WORK INSTRUCTION => Lines from the one with "about 12 degrees." up to and including the one with "A: Unusually wide." are to be copied exactly from the records below, without their pictures.

PROVIDED INFORMATION =>
---------------
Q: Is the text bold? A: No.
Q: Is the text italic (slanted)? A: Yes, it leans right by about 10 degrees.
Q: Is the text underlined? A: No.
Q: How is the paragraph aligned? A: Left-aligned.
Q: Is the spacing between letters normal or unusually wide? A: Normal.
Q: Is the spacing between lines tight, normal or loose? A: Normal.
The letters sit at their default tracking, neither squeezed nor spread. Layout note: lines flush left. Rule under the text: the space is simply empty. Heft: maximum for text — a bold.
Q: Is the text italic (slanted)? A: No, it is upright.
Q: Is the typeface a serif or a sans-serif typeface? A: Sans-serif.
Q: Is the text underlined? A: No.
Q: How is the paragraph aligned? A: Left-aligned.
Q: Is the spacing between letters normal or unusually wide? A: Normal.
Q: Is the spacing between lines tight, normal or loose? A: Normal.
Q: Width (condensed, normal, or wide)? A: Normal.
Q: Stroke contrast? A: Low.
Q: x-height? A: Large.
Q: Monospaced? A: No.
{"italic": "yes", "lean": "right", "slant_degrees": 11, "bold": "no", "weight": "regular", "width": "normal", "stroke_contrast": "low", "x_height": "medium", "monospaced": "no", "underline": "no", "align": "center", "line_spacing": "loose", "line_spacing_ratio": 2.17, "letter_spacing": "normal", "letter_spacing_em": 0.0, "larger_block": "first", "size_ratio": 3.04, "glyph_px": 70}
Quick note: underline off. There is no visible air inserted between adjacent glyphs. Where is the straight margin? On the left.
---------------
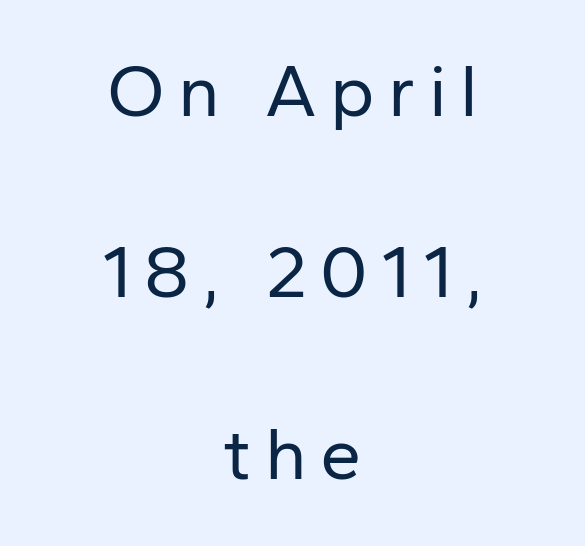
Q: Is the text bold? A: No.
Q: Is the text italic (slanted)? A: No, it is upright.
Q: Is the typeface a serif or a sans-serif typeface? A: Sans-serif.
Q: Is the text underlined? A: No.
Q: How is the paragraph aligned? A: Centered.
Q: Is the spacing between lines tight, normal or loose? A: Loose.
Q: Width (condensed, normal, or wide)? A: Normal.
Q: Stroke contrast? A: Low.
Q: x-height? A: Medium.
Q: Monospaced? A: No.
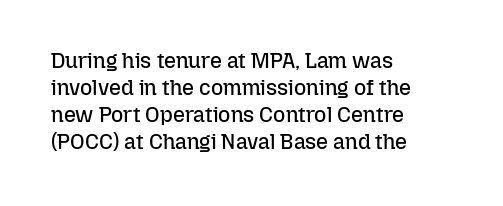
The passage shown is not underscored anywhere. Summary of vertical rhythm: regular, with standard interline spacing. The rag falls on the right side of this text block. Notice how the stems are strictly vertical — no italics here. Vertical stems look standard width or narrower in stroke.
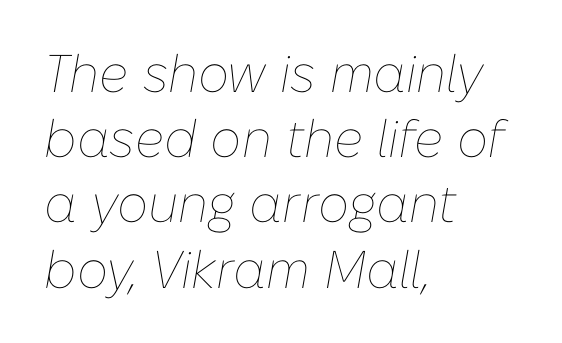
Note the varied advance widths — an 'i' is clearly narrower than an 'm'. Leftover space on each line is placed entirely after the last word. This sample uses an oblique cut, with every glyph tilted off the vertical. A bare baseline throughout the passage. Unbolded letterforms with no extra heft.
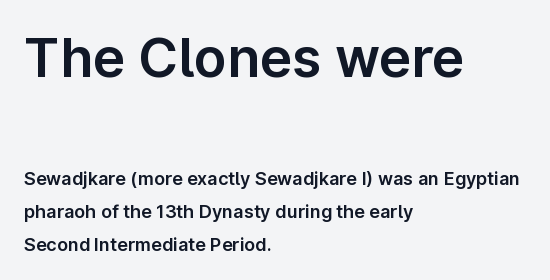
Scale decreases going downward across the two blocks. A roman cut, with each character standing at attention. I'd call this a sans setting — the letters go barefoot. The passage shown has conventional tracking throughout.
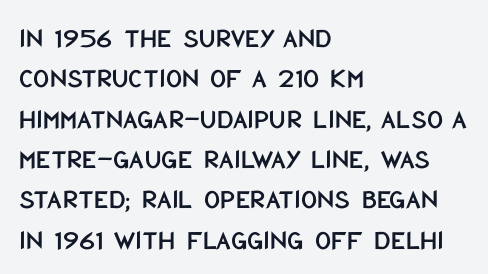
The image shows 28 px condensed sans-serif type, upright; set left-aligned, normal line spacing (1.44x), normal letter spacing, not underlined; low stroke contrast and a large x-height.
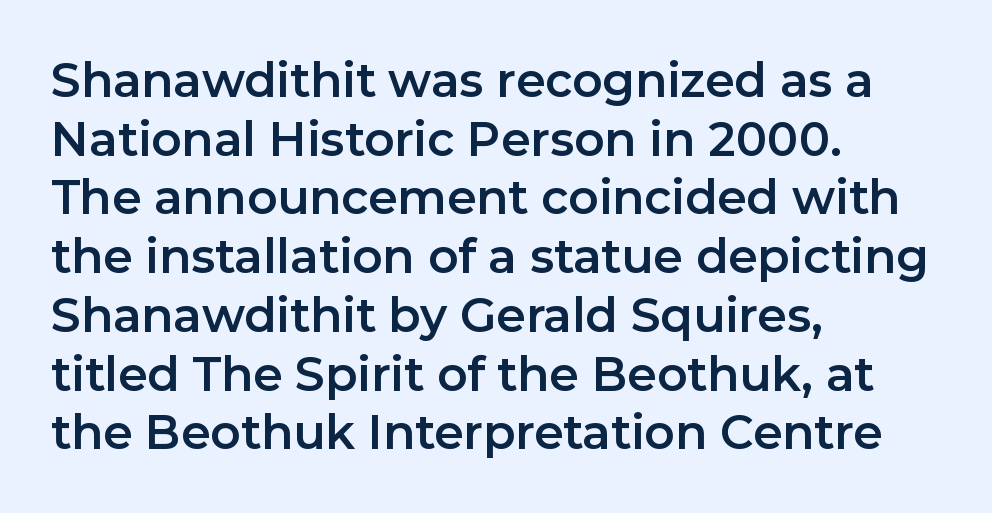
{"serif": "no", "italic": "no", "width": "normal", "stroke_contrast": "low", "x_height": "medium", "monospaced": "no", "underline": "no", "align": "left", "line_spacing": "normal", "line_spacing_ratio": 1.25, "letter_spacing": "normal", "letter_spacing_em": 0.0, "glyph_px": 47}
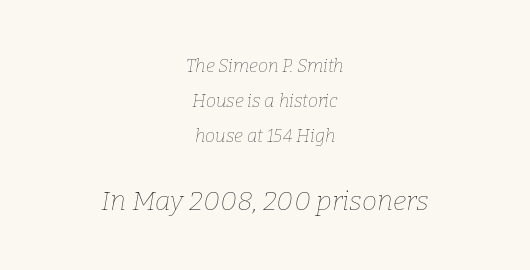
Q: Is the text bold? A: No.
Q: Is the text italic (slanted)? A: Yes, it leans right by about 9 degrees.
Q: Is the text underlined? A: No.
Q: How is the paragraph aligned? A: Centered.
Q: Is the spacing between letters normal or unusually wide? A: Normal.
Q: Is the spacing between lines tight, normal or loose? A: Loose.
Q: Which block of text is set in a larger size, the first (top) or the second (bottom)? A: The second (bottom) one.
---------------
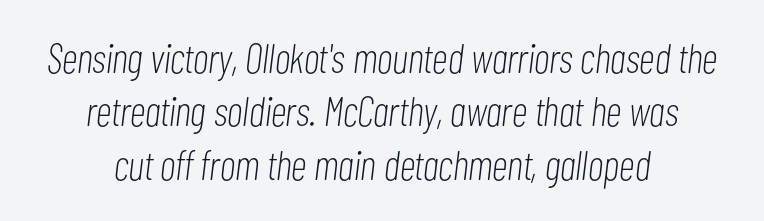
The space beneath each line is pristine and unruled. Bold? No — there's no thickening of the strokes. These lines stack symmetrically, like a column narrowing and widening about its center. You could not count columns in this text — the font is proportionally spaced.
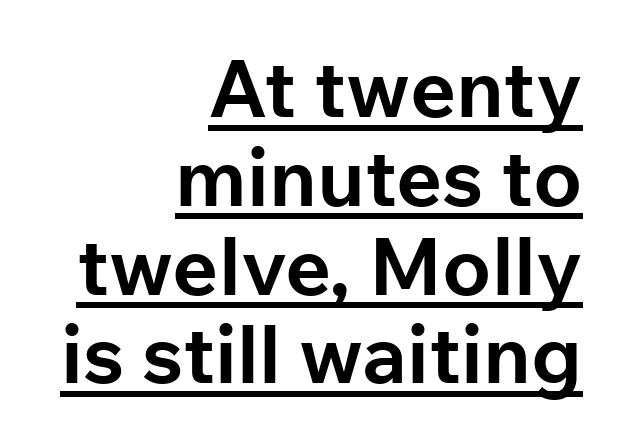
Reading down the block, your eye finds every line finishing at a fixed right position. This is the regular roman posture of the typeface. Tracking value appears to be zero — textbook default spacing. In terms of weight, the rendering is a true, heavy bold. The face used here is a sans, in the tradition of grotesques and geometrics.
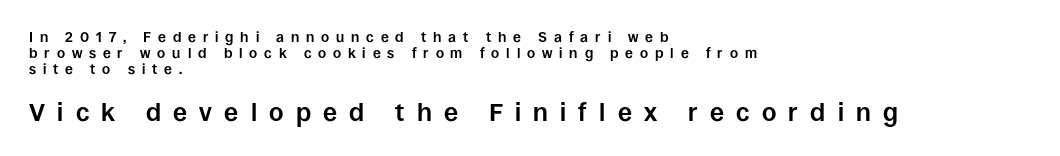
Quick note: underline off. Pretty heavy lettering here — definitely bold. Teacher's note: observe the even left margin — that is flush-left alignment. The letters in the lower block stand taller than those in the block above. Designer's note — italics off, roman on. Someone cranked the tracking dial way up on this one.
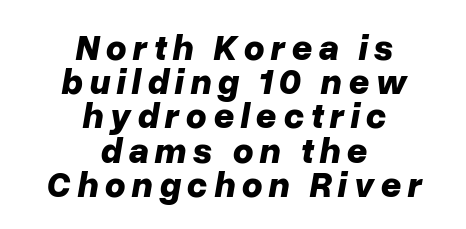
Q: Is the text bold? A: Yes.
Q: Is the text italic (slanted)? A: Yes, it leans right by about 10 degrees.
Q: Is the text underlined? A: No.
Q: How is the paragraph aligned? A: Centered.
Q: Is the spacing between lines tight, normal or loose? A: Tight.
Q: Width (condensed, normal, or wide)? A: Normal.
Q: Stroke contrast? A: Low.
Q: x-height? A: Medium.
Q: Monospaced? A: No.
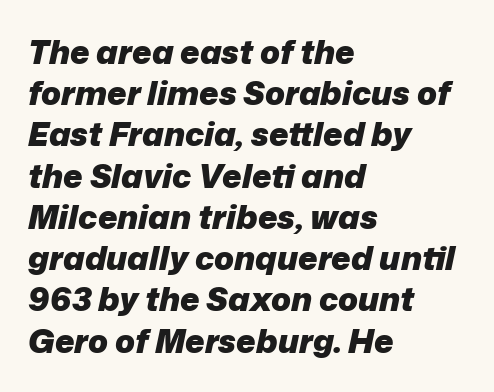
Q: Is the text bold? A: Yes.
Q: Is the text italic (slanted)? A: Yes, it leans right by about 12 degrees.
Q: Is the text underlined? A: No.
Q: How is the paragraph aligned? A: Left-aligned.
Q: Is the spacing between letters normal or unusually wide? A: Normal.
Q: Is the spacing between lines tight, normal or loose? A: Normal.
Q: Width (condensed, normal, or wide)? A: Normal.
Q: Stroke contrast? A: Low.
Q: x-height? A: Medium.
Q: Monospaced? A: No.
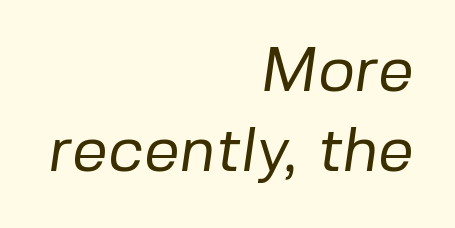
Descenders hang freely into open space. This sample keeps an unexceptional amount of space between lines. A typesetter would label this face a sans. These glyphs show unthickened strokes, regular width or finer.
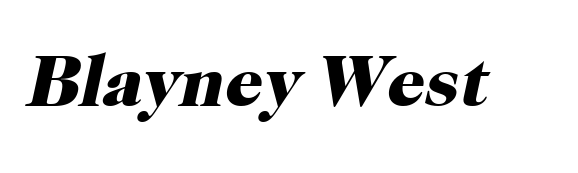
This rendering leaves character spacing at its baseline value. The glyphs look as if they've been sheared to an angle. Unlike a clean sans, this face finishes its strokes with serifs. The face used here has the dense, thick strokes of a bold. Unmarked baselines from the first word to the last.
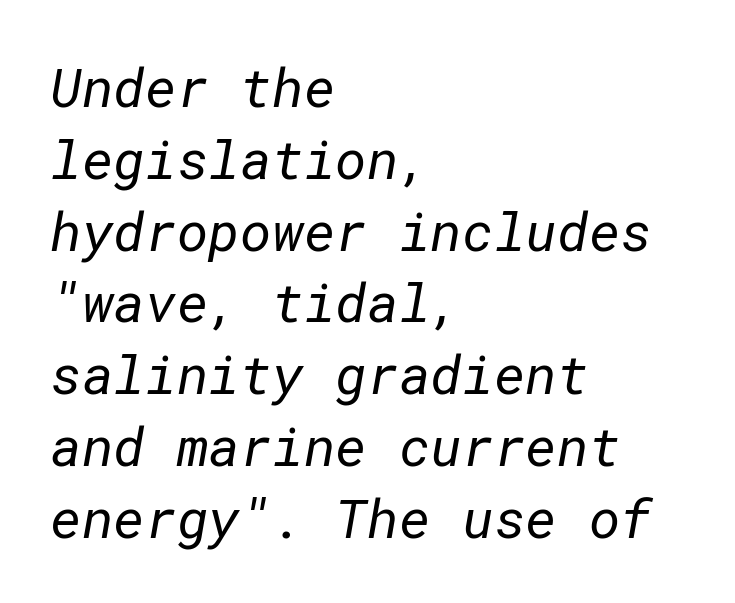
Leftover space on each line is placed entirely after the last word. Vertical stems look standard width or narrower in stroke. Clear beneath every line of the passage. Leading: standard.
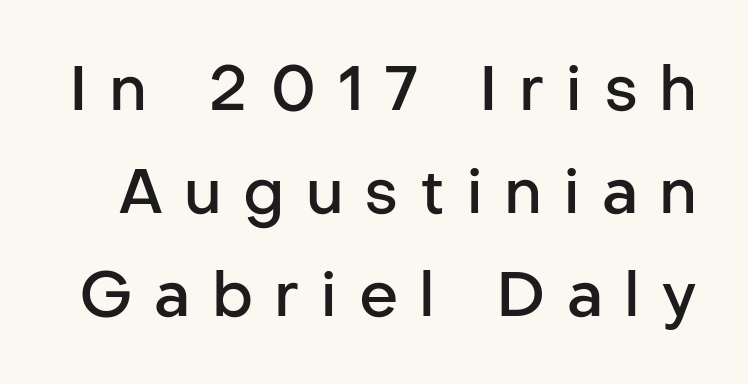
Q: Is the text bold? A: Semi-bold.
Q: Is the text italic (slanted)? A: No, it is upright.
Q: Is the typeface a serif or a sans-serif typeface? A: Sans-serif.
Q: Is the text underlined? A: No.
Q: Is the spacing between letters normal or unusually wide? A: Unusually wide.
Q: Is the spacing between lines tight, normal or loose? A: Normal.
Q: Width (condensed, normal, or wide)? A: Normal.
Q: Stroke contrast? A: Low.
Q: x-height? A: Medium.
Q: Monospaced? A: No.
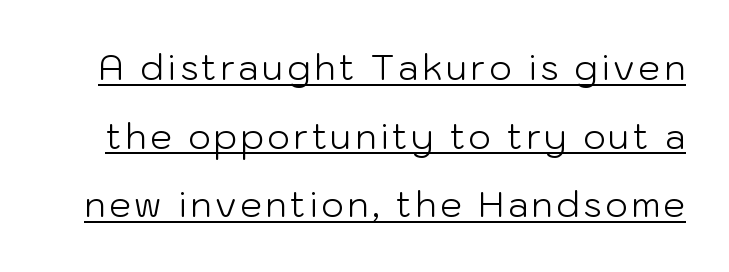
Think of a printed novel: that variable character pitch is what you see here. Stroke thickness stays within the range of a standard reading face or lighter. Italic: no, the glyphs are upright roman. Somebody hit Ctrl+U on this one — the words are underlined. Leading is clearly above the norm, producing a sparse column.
---------------
EXPECTED ANSWER =>
Q: Is the text italic (slanted)? A: Yes, it leans right by about 12 degrees.
Q: Is the text underlined? A: No.
Q: How is the paragraph aligned? A: Left-aligned.
Q: Is the spacing between letters normal or unusually wide? A: Normal.
Q: Is the spacing between lines tight, normal or loose? A: Normal.
Q: Width (condensed, normal, or wide)? A: Normal.
Q: Stroke contrast? A: Low.
Q: x-height? A: Medium.
Q: Monospaced? A: No.
Descenders hang freely into open space. This sample keeps an unexceptional amount of space between lines. A typesetter would label this face a sans. These glyphs show unthickened strokes, regular width or finer.
This rendering leaves character spacing at its baseline value. The glyphs look as if they've been sheared to an angle. Unlike a clean sans, this face finishes its strokes with serifs. The face used here has the dense, thick strokes of a bold. Unmarked baselines from the first word to the last.
Leftover space on each line is placed entirely after the last word. Vertical stems look standard width or narrower in stroke. Clear beneath every line of the passage. Leading: standard.
Q: Is the text bold? A: Semi-bold.
Q: Is the text italic (slanted)? A: No, it is upright.
Q: Is the typeface a serif or a sans-serif typeface? A: Sans-serif.
Q: Is the text underlined? A: No.
Q: Is the spacing between letters normal or unusually wide? A: Unusually wide.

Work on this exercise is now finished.